>>>

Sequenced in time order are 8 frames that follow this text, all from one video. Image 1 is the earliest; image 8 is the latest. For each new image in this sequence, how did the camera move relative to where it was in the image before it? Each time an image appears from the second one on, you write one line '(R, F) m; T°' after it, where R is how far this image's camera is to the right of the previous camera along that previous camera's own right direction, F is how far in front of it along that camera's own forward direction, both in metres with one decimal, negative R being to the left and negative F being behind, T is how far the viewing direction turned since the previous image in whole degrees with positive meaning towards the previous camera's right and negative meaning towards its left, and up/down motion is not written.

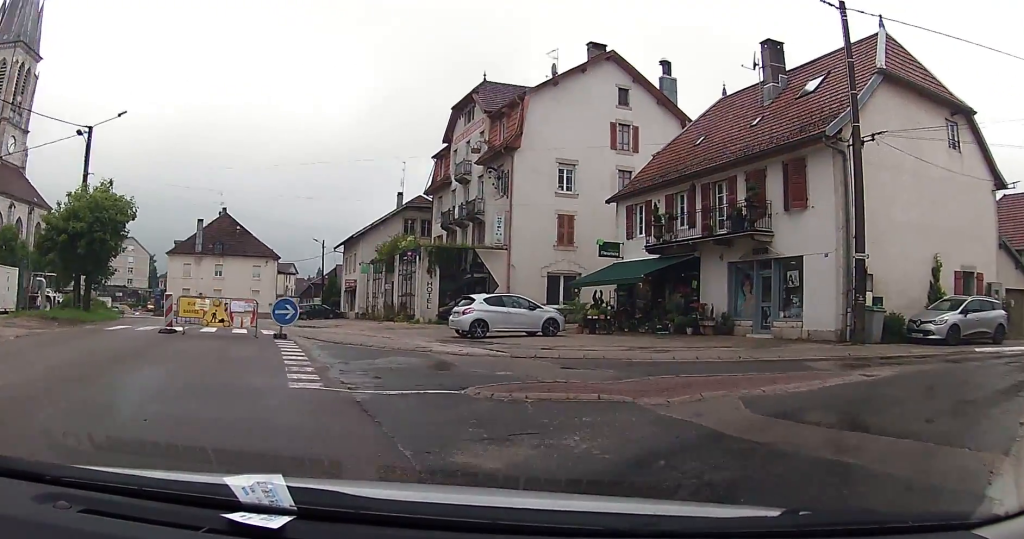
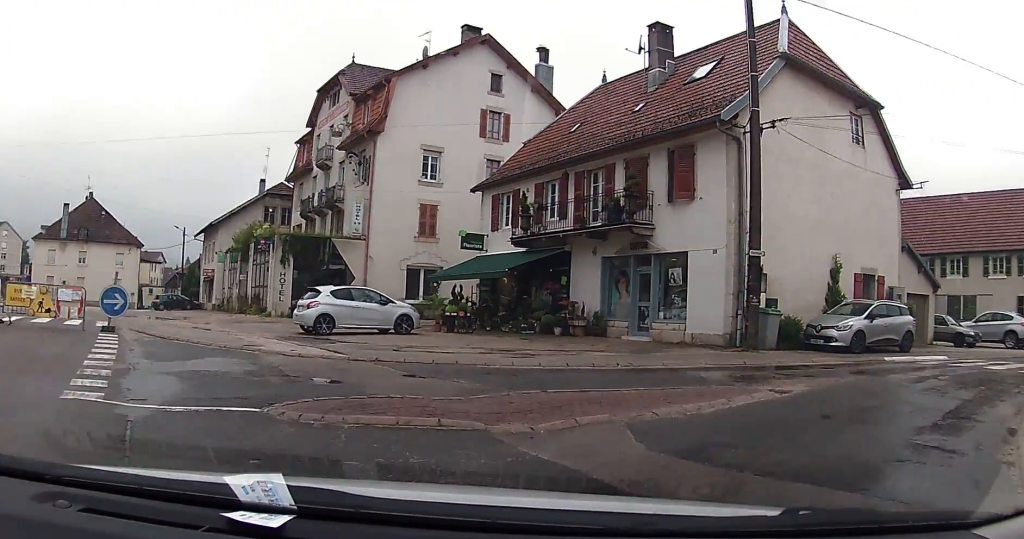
(+0.3, +2.2) m; +12°
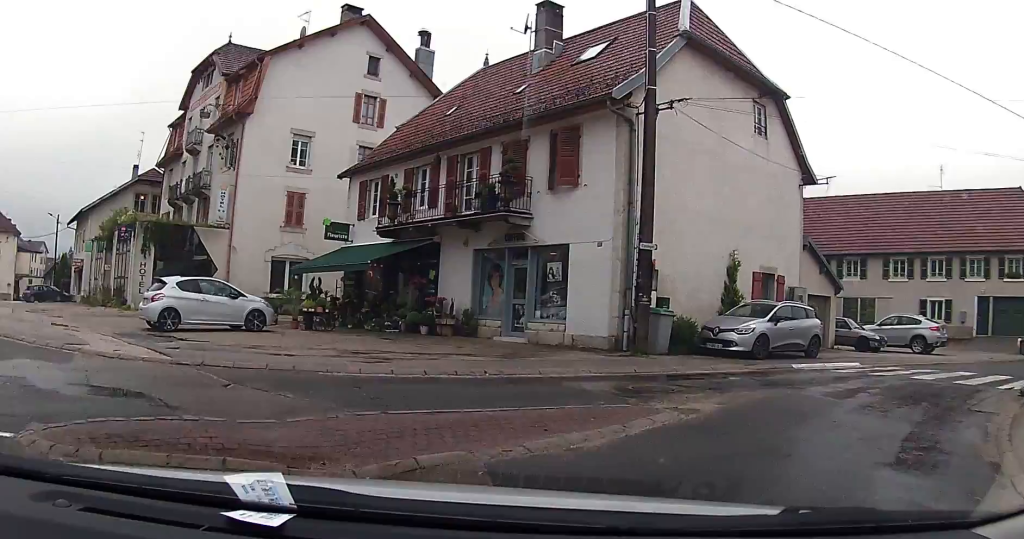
(+0.1, +2.0) m; +11°
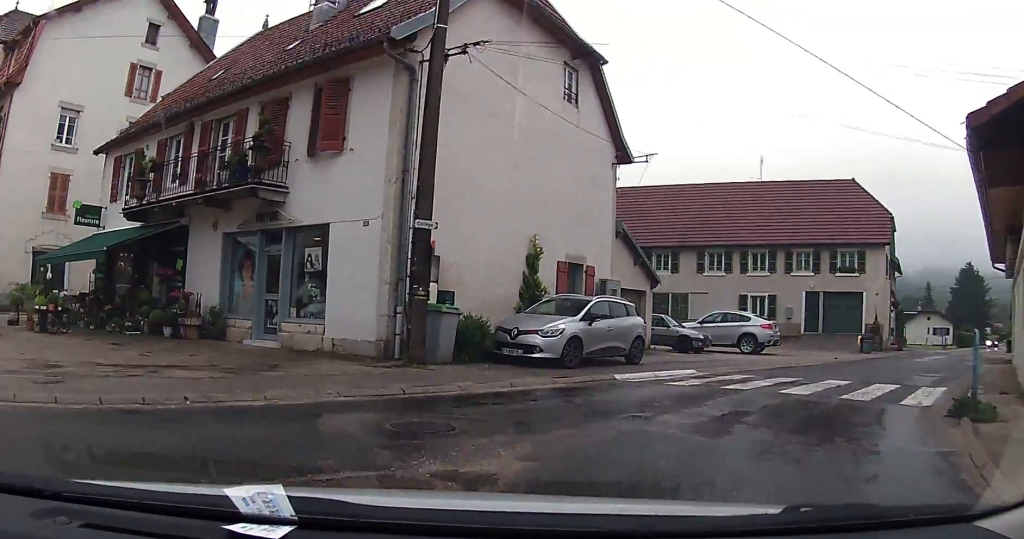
(+0.7, +3.4) m; +16°
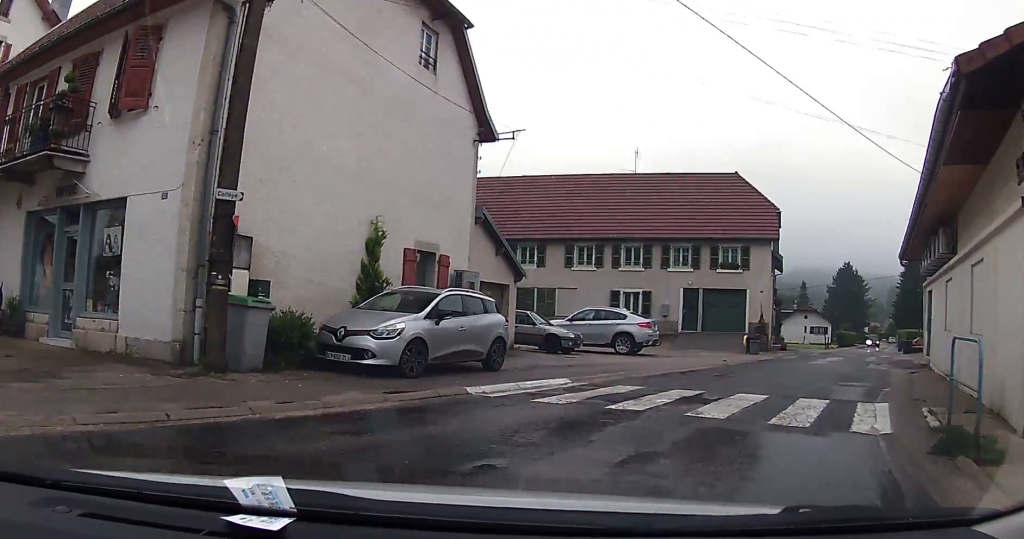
(+0.3, +2.6) m; +11°
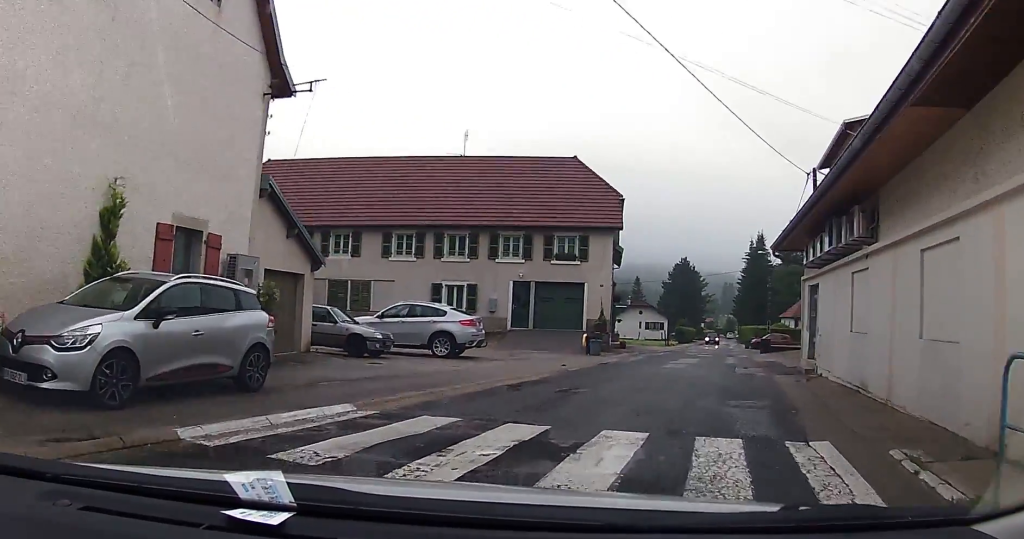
(+0.1, +3.4) m; +13°
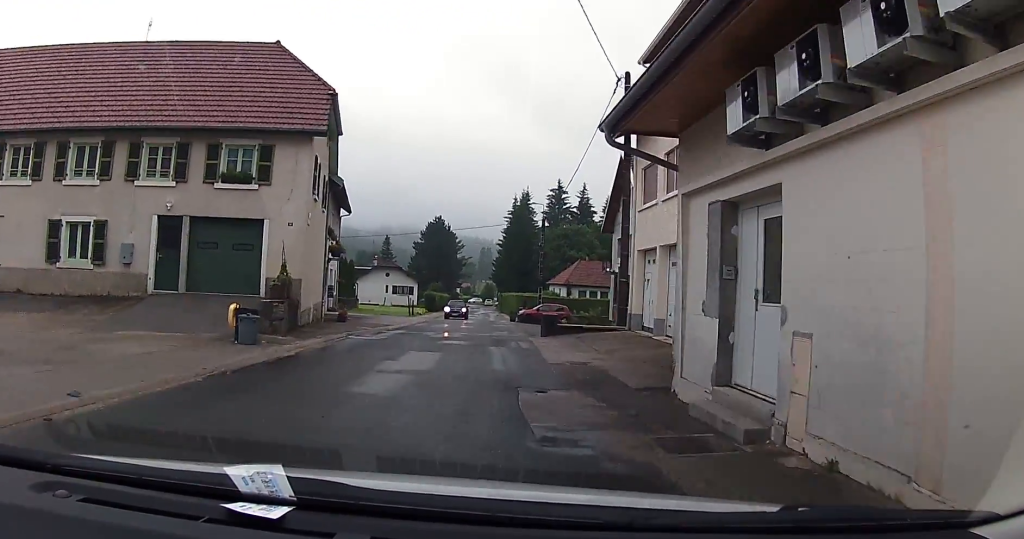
(+2.9, +11.8) m; +16°
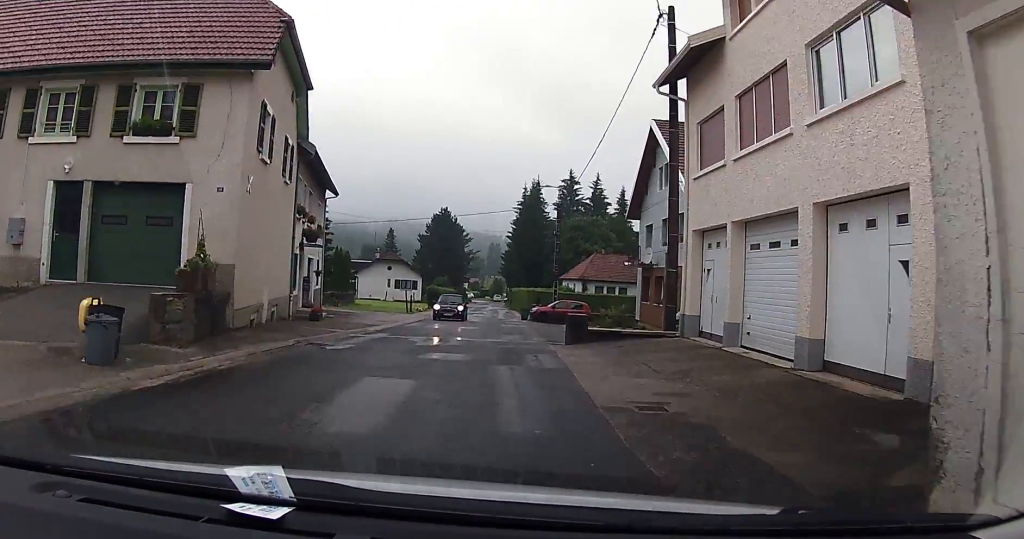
(-0.1, +6.1) m; +1°

<<<

- _About this task_
Write the entries out again exactly as they appear, with the pictures omitted.

- _Task answer_
Sequenced in time order are 8 frames that follow this text, all from one video. Image 1 is the earliest; image 8 is the latest. For each new image in this sequence, how did the camera move relative to where it was in the image before it? Each time an image appears from the second one on, you write one line '(R, F) m; T°' after it, where R is how far this image's camera is to the right of the previous camera along that previous camera's own right direction, F is how far in front of it along that camera's own forward direction, both in metres with one decimal, negative R being to the left and negative F being behind, T is how far the viewing direction turned since the previous image in whole degrees with positive meaning towards the previous camera's right and negative meaning towards its left, and up/down motion is not written.

(+0.3, +2.2) m; +12°
(+0.1, +2.0) m; +11°
(+0.7, +3.4) m; +16°
(+0.3, +2.6) m; +11°
(+0.1, +3.4) m; +13°
(+2.9, +11.8) m; +16°
(-0.1, +6.1) m; +1°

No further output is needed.